Uma mudança significativa nas regras de herança está em discussão no Congresso Nacional. Um projeto de alteração do Código Civil propõe a retirada do cônjuge da lista de herdeiros necessários, o que pode alterar a forma como os bens de uma pessoa falecida são divididos. A proposta vem gerando um intenso debate entre especialistas, principalmente sobre a possível desproteção do companheiro sobrevivente.
Atualmente, a legislação brasileira determina que 50% do patrimônio de uma pessoa, a chamada "parte legítima", deve ser obrigatoriamente destinada aos seus herdeiros necessários. Nessa categoria estão, em primeiro lugar, os descendentes (filhos, netos) em concorrência com o cônjuge.
Na ausência destes, a herança vai para os ascendentes (pais, avós), também em concorrência com o marido ou a esposa. Os outros 50% dos bens podem ser dispostos livremente por meio de um testamento, permitindo que o titular da herança beneficie qualquer pessoa ou instituição. Caso não haja um testamento, 100% do patrimônio é dividido entre os herdeiros necessários.

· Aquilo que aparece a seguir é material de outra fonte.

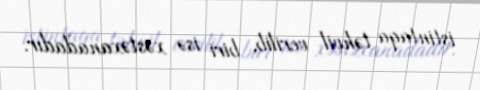
istintaqa təhvil verilib, biri isə xəstəxanadadır.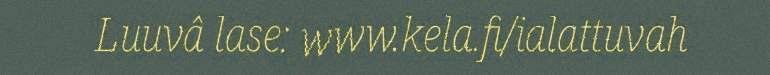
Luuvâ lase: www.kela.fi/ialattuvah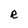
Character: R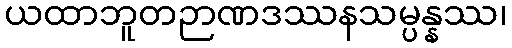
ယထာဘူတဉာဏဒဿနသမ္ပန္နဿ၊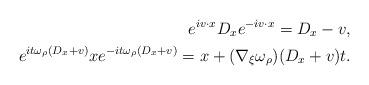
LaTeX: \begin{align*}e^{iv\cdot x}D_xe^{-iv\cdot x}=D_x-v,\\e^{it\omega_\rho(D_x+v)}xe^{-it\omega_\rho(D_x+v)}=x+(\nabla_\xi\omega_\rho)(D_x+v)t.\end{align*}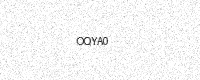
Text: OQYA0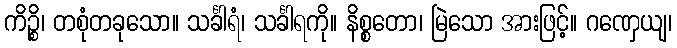
ကိဉ္စိ၊ တစုံတခုသော။ သင်္ခါရံ၊ သင်္ခါရကို။ နိစ္စတော၊ မြဲသော အားဖြင့်။ ဂဏှေယျ၊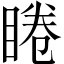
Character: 睠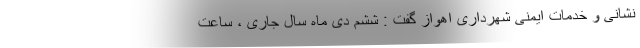
‌نشانی و خدمات ایمنی شهرداری اهواز گفت : ششم دی ماه سال جاری ، ساعت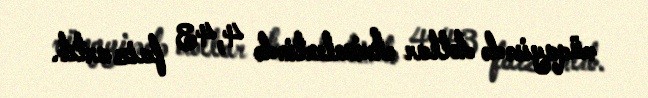
müqayisədə dollar ekvivalentində 4,43 faiz artıb.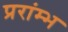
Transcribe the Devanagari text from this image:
प्ररांम्भ

A experiência da instrumentadora cirúrgica Regina Garcia, que perdeu o marido recentemente, ilustra como a lei funciona na prática. Parte dos bens foi dividida conforme o testamento deixado por ele.

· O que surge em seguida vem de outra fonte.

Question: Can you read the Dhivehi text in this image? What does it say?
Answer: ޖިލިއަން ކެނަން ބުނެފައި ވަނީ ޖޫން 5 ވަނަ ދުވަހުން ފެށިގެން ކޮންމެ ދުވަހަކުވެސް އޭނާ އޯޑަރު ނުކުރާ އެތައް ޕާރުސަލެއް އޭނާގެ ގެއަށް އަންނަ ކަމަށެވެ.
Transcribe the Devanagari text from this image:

O restante seguiu a regra legal, sendo partilhado entre ela e os dois filhos. No caso dela, houve um acordo familiar. "Eles concordaram numa boa para eu viver do jeito que eu quisesse viver. Então é isso, foi tudo muito bem preparado, bem conversado, bem orientado", relata.
A proposta e as críticas
O ponto central do projeto é excluir o cônjuge da partilha obrigatória, independentemente do regime de casamento adotado. Essa alteração é vista com preocupação por alguns juristas, pois reverte a lógica de proteção ao companheiro que foi consolidada no Código Civil de 2002.
O advogado Alexandre Gonçalves Kassama explica que a legislação anterior, de 1916, não considerava o cônjuge como herdeiro necessário.
"No Código Civil de 1916, o cônjuge, quando se pensava ali na sucessão, era visto basicamente como uma mulher que não trabalhava, que não estava inserida no mercado de trabalho e, muitas vezes, por não ser herdeira necessária, acabava ficando numa situação difícil", contextualiza. A mudança em 2002 visou corrigir essa vulnerabilidade.
Para o advogado Marcos Serra Netto Fioravanti, sócio do Vieira Rezende, a proposta em discussão é uma atualização da lei. Ele destaca que o novo texto prevê mecanismos de amparo, como o pagamento de uma renda ao cônjuge sobrevivente, para evitar que fique desassistido financeiramente.
A proposta ainda precisa passar por uma análise aprofundada nas comissões responsáveis antes de ser levada para votação no plenário do Senado Federal.